Specifically, the 30-day measure of alcohol use dropped from 46% at
Time 1 baseline to 41% at Time 3 (2003), a 5 percentage point decline
that represents an 11% reduction in prevalence. Similarly, student 30-day
use of cigarettes went from 16% at baseline to 12% at Time 3, a 4 percentage
point drop equaling a 25% reduction in prevalence.
Finally, in another
session, the Naperville Social Norms Marketing Coalition presented information
about its own successful intervention that is currently focused solely
on the reduction of cigarette use. The Naperville Township system comprises
four high schools with a combined enrollment of approximately 11,800
students. Baseline data from their Drug Perception and Use survey revealed
the familiar finding of a misperceived norm of health regarding cigarette
use. Specifically, while fully 75% of students reported that they never
smoked, the students thought that only 9% of their peers never did so.

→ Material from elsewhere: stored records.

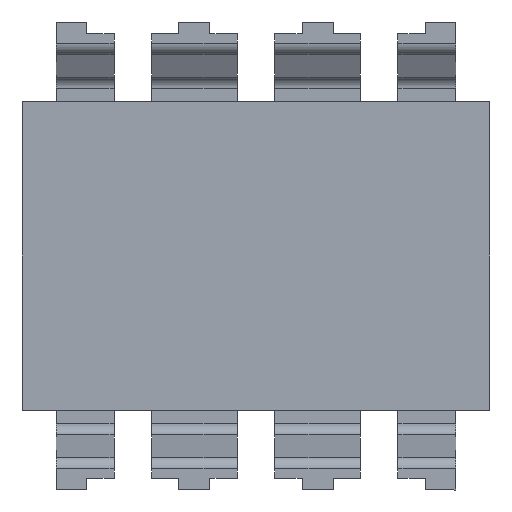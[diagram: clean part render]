
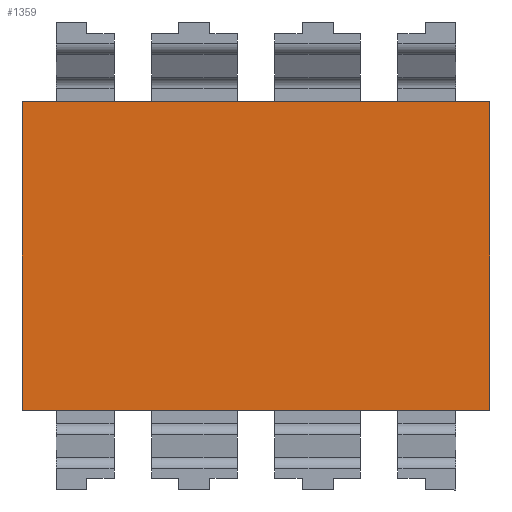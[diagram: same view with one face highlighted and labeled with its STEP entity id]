
A CAD part, front view. The second image highlights one B-rep face of the part: STEP entity #1359.
In plain terms, the highlighted planar face has unit normal (0, -1, 0).
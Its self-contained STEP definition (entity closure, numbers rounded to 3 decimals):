
#225 = LINE ( 'NONE', #226, #1146 ) ;
#226 = CARTESIAN_POINT ( 'NONE',  ( -4.83, 0., 3.18 ) ) ;
#227 = DIRECTION ( 'NONE',  ( -1., 0., 0. ) ) ;
#229 = LINE ( 'NONE', #230, #1147 ) ;
#230 = CARTESIAN_POINT ( 'NONE',  ( 4.83, 0., 3.18 ) ) ;
#231 = DIRECTION ( 'NONE',  ( 0., 0., 1. ) ) ;
#235 = LINE ( 'NONE', #236, #869 ) ;
#236 = CARTESIAN_POINT ( 'NONE',  ( -4.83, 0., -3.18 ) ) ;
#237 = DIRECTION ( 'NONE',  ( 1., 0., 0. ) ) ;
#241 = LINE ( 'NONE', #242, #871 ) ;
#242 = CARTESIAN_POINT ( 'NONE',  ( -4.83, 0., 3.18 ) ) ;
#243 = DIRECTION ( 'NONE',  ( 0., 0., -1. ) ) ;
#869 = VECTOR ( 'NONE', #237, 1000. ) ;
#871 = VECTOR ( 'NONE', #243, 1000. ) ;
#1146 = VECTOR ( 'NONE', #227, 1000. ) ;
#1147 = VECTOR ( 'NONE', #231, 1000. ) ;
#1359 = ADVANCED_FACE ( 'NONE', ( #5341 ), #5792, .T. ) ;
#2148 = ORIENTED_EDGE ( 'NONE', *, *, #4607, .T. ) ;
#2149 = ORIENTED_EDGE ( 'NONE', *, *, #4605, .T. ) ;
#2150 = ORIENTED_EDGE ( 'NONE', *, *, #4604, .T. ) ;
#2151 = ORIENTED_EDGE ( 'NONE', *, *, #4609, .T. ) ;
#2240 = VERTEX_POINT ( 'NONE', #3929 ) ;
#2247 = VERTEX_POINT ( 'NONE', #3936 ) ;
#2262 = VERTEX_POINT ( 'NONE', #3951 ) ;
#2269 = VERTEX_POINT ( 'NONE', #3958 ) ;
#3929 = CARTESIAN_POINT ( 'NONE',  ( 4.83, 0., -3.18 ) ) ;
#3936 = CARTESIAN_POINT ( 'NONE',  ( -4.83, 0., -3.18 ) ) ;
#3951 = CARTESIAN_POINT ( 'NONE',  ( 4.83, 0., 3.18 ) ) ;
#3958 = CARTESIAN_POINT ( 'NONE',  ( -4.83, 0., 3.18 ) ) ;
#4409 = EDGE_LOOP ( 'NONE', ( #2149, #2150, #2151, #2148 ) ) ;
#4604 = EDGE_CURVE ( 'NONE', #2262, #2269, #225, .T. ) ;
#4605 = EDGE_CURVE ( 'NONE', #2240, #2262, #229, .T. ) ;
#4607 = EDGE_CURVE ( 'NONE', #2247, #2240, #235, .T. ) ;
#4609 = EDGE_CURVE ( 'NONE', #2269, #2247, #241, .T. ) ;
#5243 = AXIS2_PLACEMENT_3D ( 'NONE', #5793, #5794, #5795 ) ;
#5341 = FACE_OUTER_BOUND ( 'NONE', #4409, .T. ) ;
#5792 = PLANE ( 'NONE',  #5243 ) ;
#5793 = CARTESIAN_POINT ( 'NONE',  ( -4.83, 0., 3.18 ) ) ;
#5794 = DIRECTION ( 'NONE',  ( 0., -1., 0. ) ) ;
#5795 = DIRECTION ( 'NONE',  ( 0., 0., -1. ) ) ;

Based on this data normative messages of non-use were developed and
market tested. The Resulting "Reality is…" campaign
featured a number of posters with slightly varying but thematically
consistent messages.
After three years
of implementing the social norm campaign, the data revealed the following
statistically significant findings:
- Decrease in
perceived peer use of cigarettes across as well as within grade levels.
- Decrease in cigarette
use across grade levels.
With the three-year
costs for printing posters and related items totaling $6500, this has
been an extremely cost-effective method of achieving large-scale, positive
results in four fairly large suburban high schools.
Together, the sessions
devoted to these three projects provided a wealth of information to
the many conference attendees seeking to broaden their understanding
of how such interventions can be conducted effectively, and with fidelity
to the model.
The Social
Norms Model: Roadmaps for Positive Change
The theme of this
year's conference—"Roadmaps for Positive Change"—was
inspired in large part by the generous financial support provided by
the Governor's Highway Safety Bureau of the Commonwealth of Massachusetts.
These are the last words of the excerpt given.